**What is being asked:**
Produce a faithful copy of every record below, without the pictures.

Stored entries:

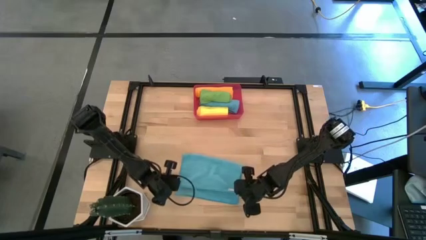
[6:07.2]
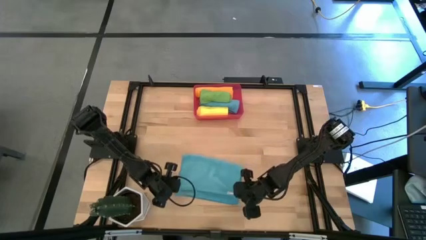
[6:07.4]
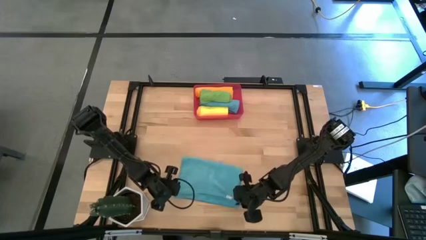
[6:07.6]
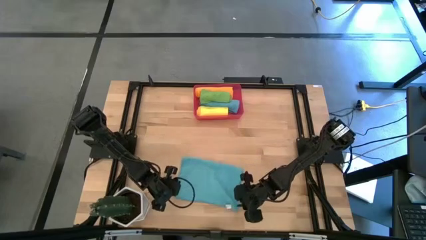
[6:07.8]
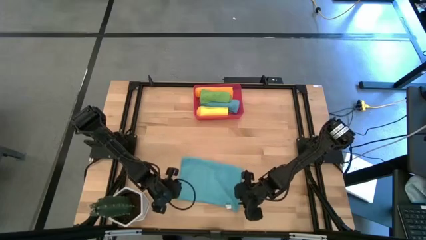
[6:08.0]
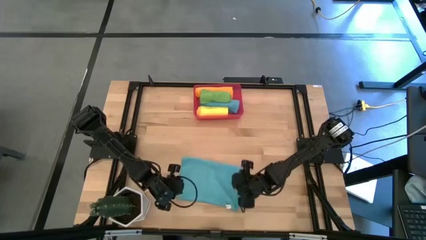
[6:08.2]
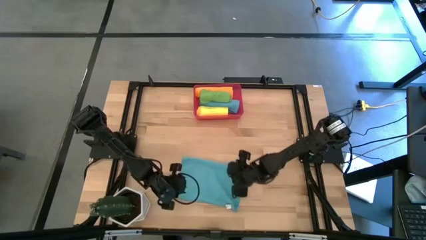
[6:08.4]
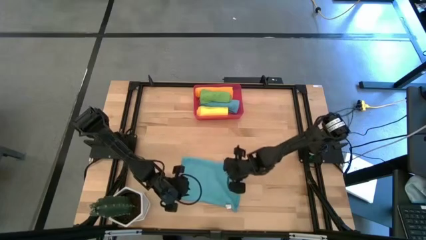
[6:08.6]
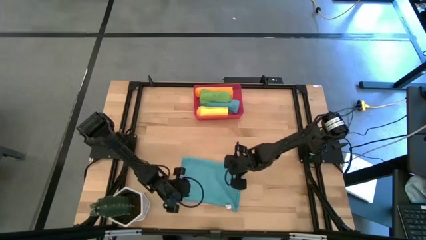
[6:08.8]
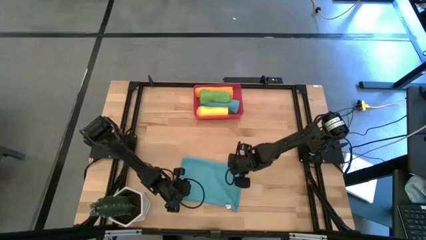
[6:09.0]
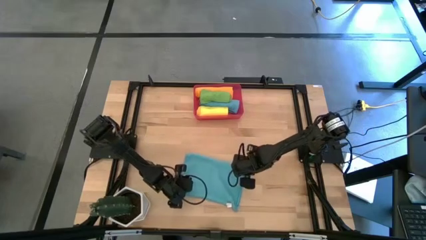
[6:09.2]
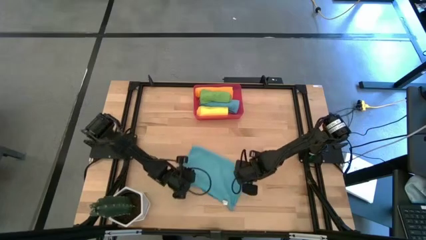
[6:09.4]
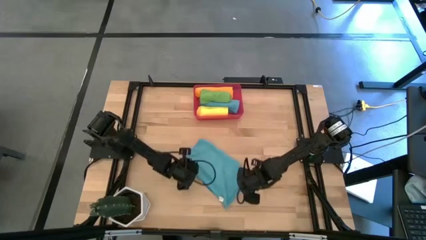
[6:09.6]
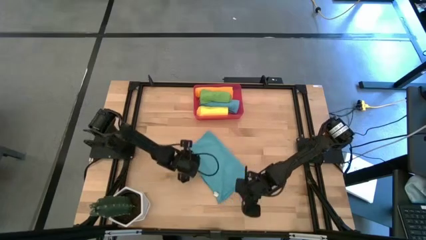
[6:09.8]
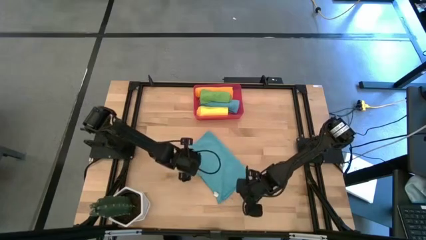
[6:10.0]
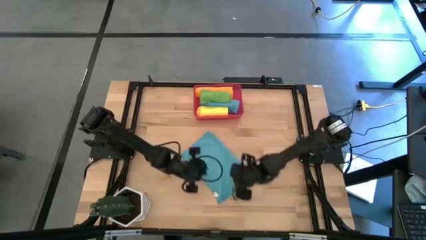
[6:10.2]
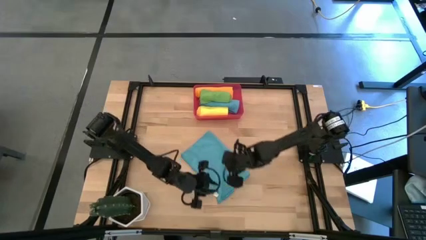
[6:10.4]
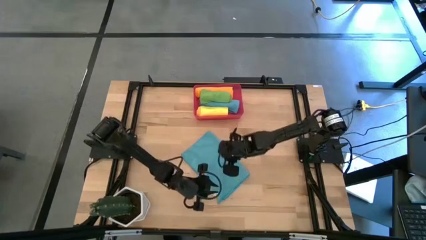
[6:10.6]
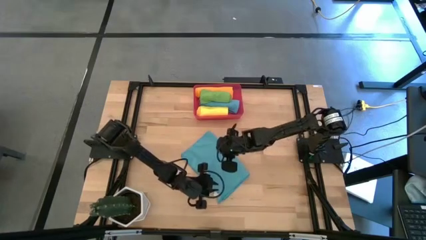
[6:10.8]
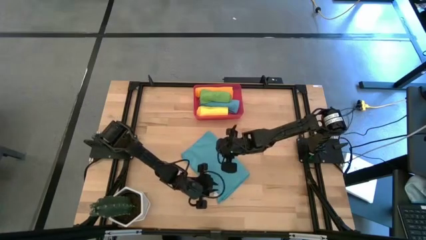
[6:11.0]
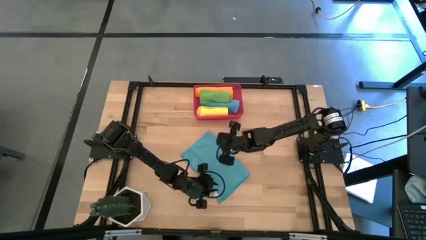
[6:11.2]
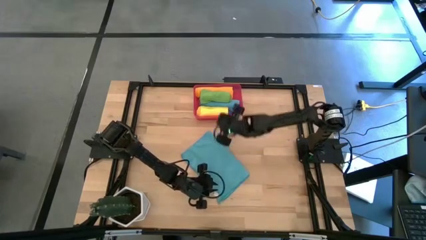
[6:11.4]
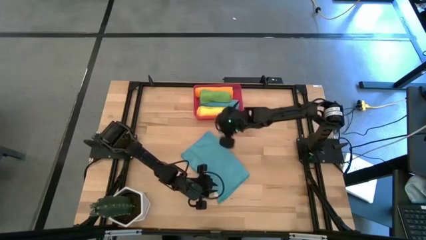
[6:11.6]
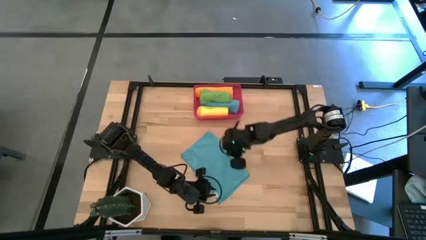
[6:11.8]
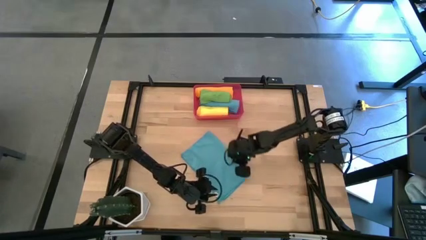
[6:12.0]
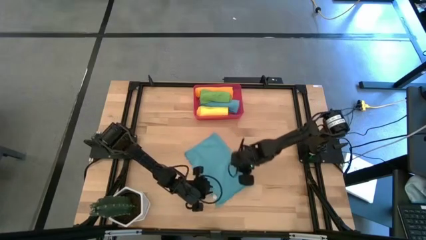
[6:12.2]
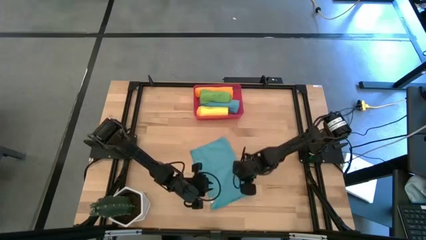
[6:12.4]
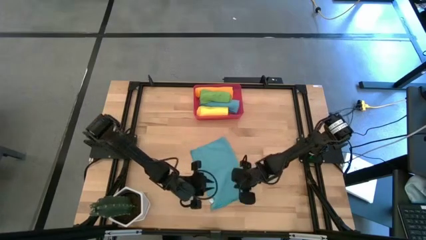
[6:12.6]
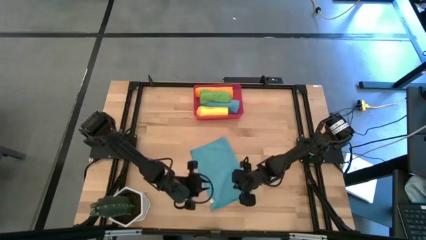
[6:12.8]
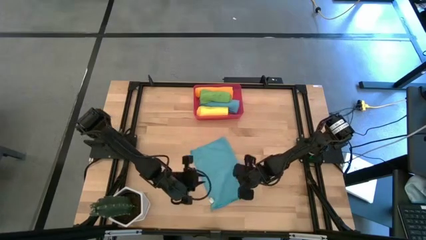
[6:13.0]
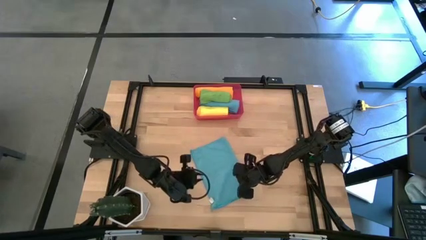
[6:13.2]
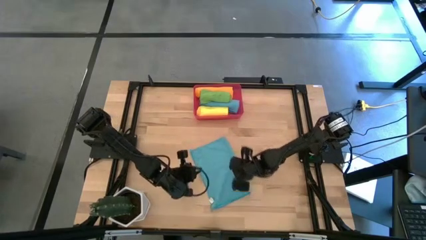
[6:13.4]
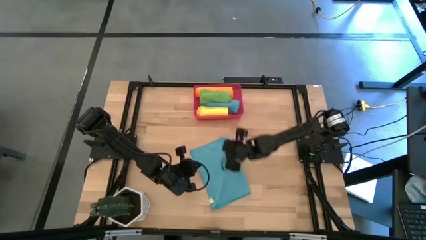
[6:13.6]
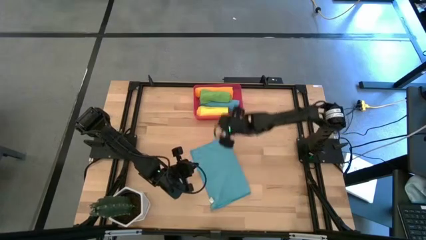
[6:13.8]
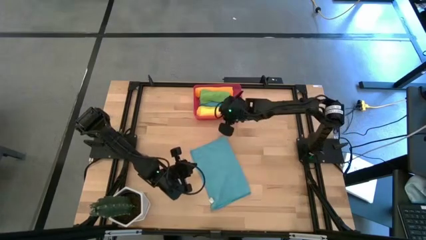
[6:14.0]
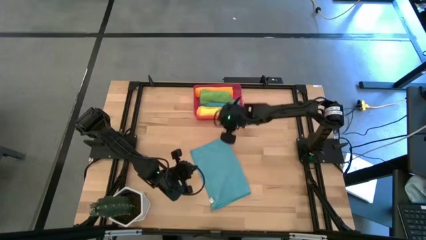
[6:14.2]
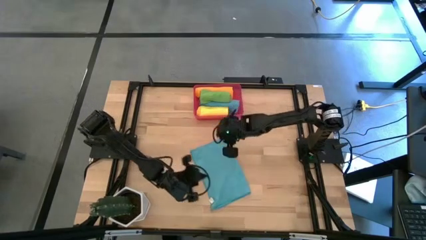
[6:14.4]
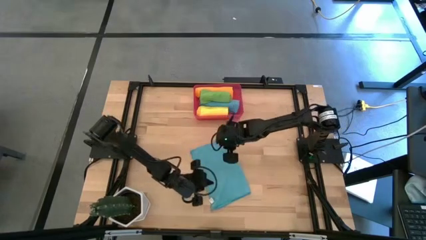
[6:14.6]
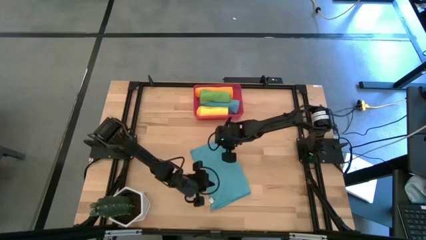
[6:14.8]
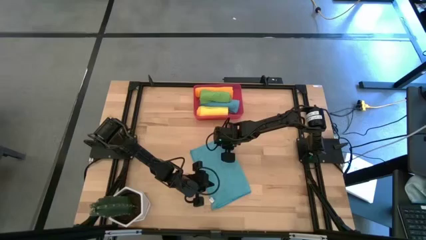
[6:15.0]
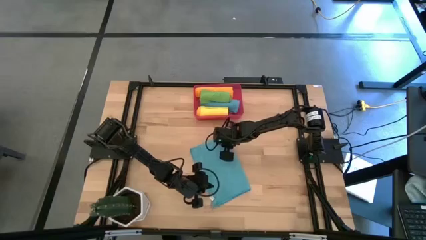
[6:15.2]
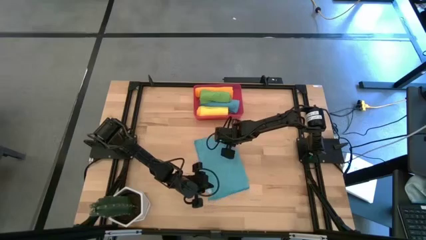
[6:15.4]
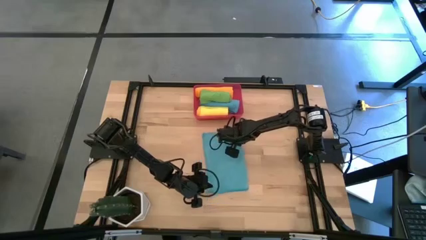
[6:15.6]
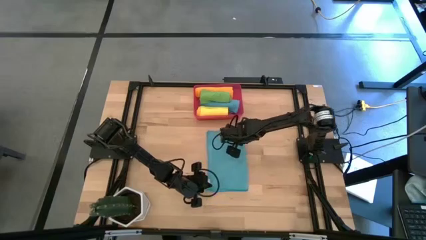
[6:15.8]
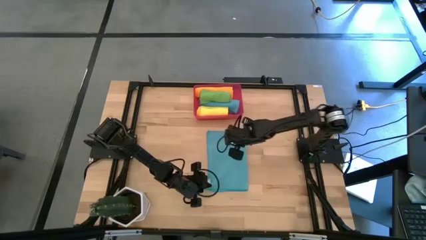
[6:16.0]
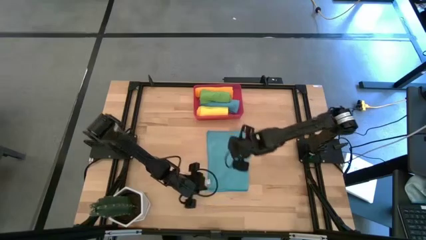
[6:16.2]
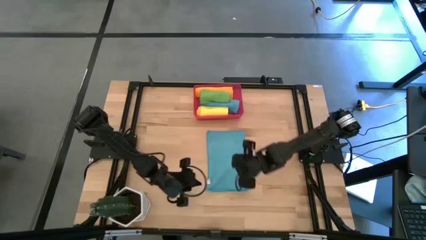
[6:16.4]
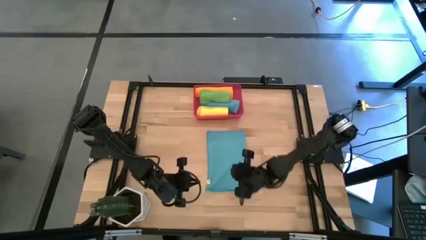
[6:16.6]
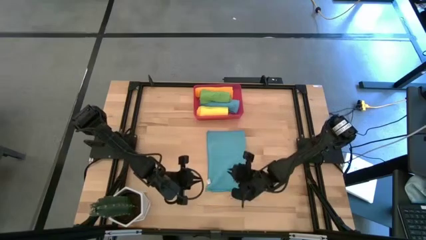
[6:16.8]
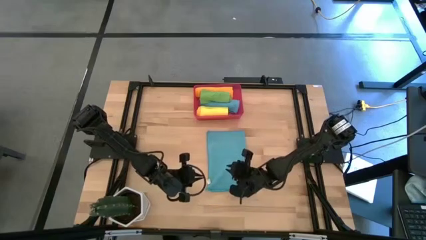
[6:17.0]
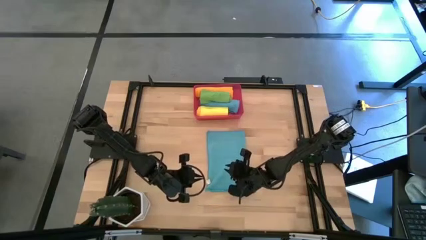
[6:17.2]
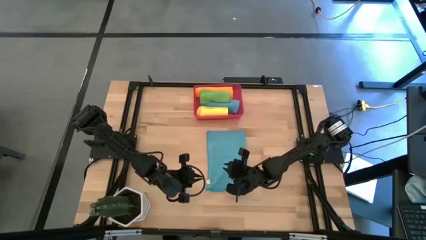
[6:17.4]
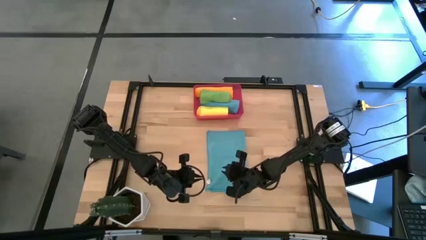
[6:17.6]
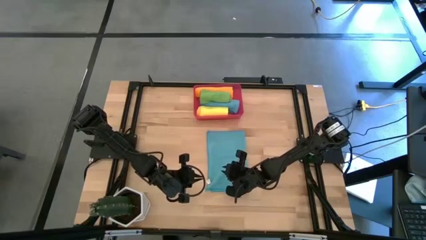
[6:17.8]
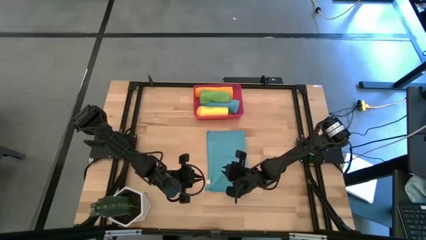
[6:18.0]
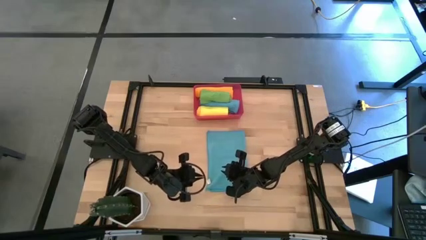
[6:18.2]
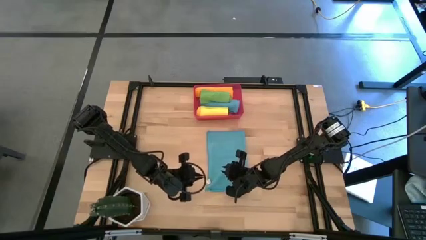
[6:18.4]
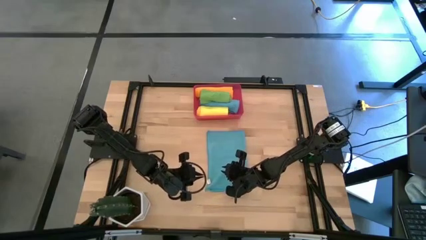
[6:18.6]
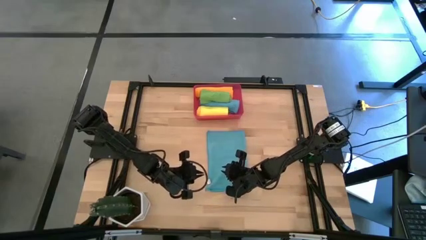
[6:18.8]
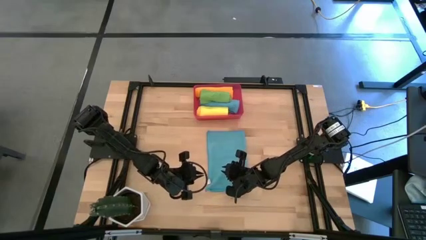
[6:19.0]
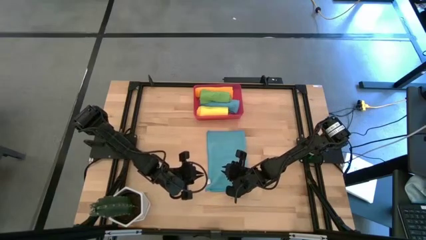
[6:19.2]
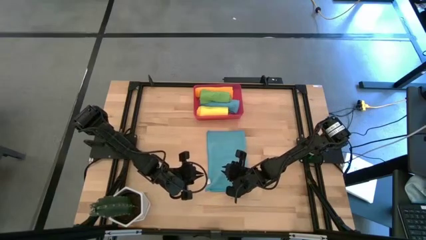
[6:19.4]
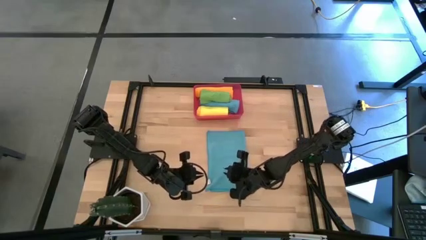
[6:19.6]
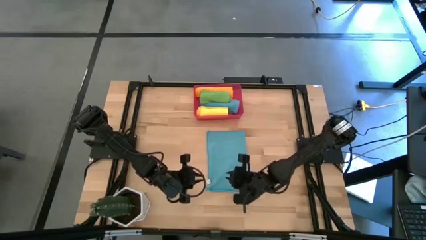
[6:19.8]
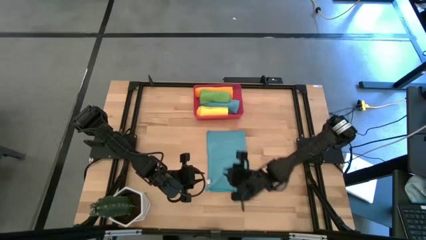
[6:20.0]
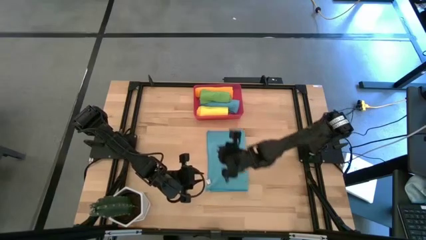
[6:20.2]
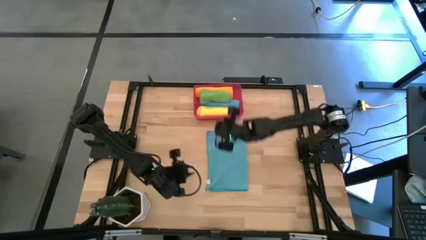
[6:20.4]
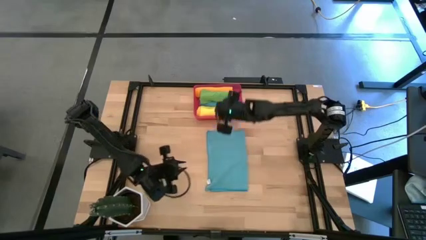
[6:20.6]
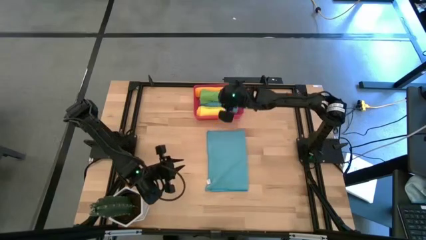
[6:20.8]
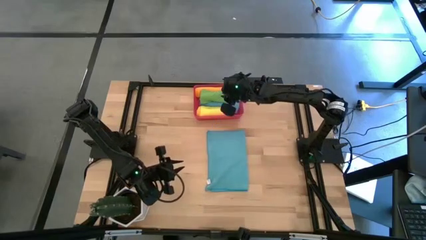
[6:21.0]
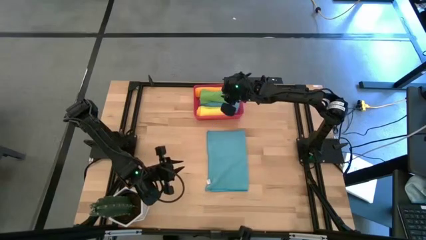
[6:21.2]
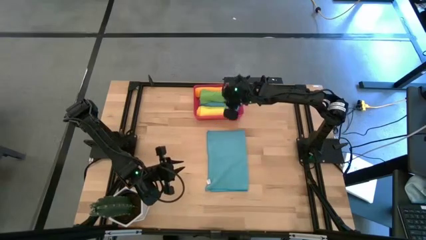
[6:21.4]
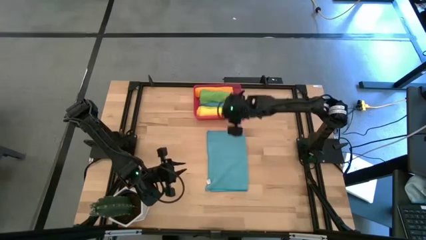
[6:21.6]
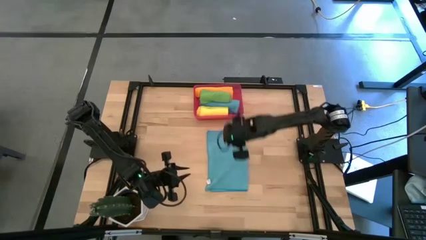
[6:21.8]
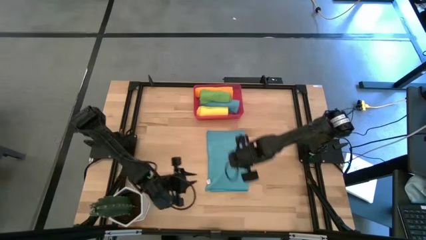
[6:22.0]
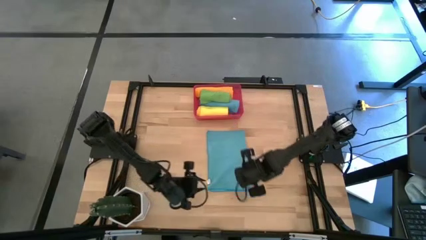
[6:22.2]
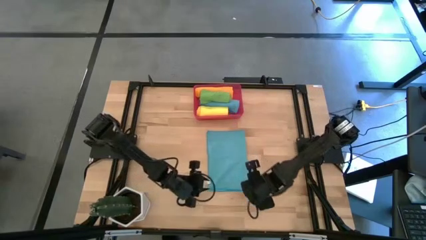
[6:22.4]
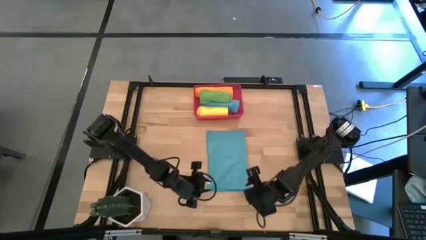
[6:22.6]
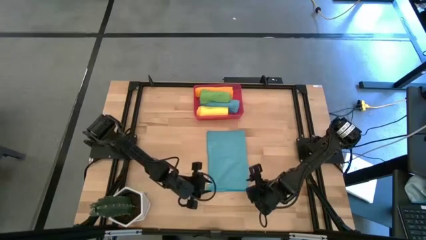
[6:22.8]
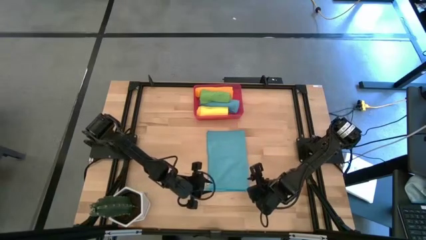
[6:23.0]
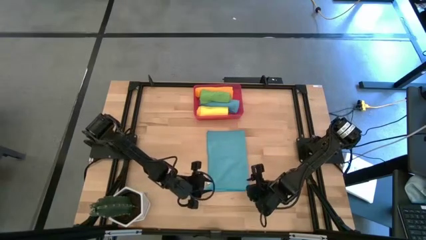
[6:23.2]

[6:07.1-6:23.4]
Task: Roll microfiber towels into tight, uniform cylinder then place into a basket
Roll the blue microfiber cloth

**Problem solution:**
[6:07.2]
[6:07.4]
[6:07.6]
[6:07.8]
[6:08.0]
[6:08.2]
[6:08.4]
[6:08.6]
[6:08.8]
[6:09.0]
[6:09.2]
[6:09.4]
[6:09.6]
[6:09.8]
[6:10.0]
[6:10.2]
[6:10.4]
[6:10.6]
[6:10.8]
[6:11.0]
[6:11.2]
[6:11.4]
[6:11.6]
[6:11.8]
[6:12.0]
[6:12.2]
[6:12.4]
[6:12.6]
[6:12.8]
[6:13.0]
[6:13.2]
[6:13.4]
[6:13.6]
[6:13.8]
[6:14.0]
[6:14.2]
[6:14.4]
[6:14.6]
[6:14.8]
[6:15.0]
[6:15.2]
[6:15.4]
[6:15.6]
[6:15.8]
[6:16.0]
[6:16.2]
[6:16.4]
[6:16.6]
[6:16.8]
[6:17.0]
[6:17.2]
[6:17.4]
[6:17.6]
[6:17.8]
[6:18.0]
[6:18.2]
[6:18.4]
[6:18.6]
[6:18.8]
[6:19.0]
[6:19.2]
[6:19.4]
[6:19.6]
[6:19.8]
[6:20.0]
[6:20.2]
[6:20.4]
[6:20.6]
[6:20.8]
[6:21.0]
[6:21.2]
[6:21.4]
[6:21.6]
[6:21.8]
[6:22.0]
[6:22.2]
[6:22.4]
[6:22.6]
[6:22.8]
[6:23.0]
[6:23.2]

[6:07.1-6:23.4]
Task: Roll microfiber towels into tight, uniform cylinder then place into a basket
Roll the blue microfiber cloth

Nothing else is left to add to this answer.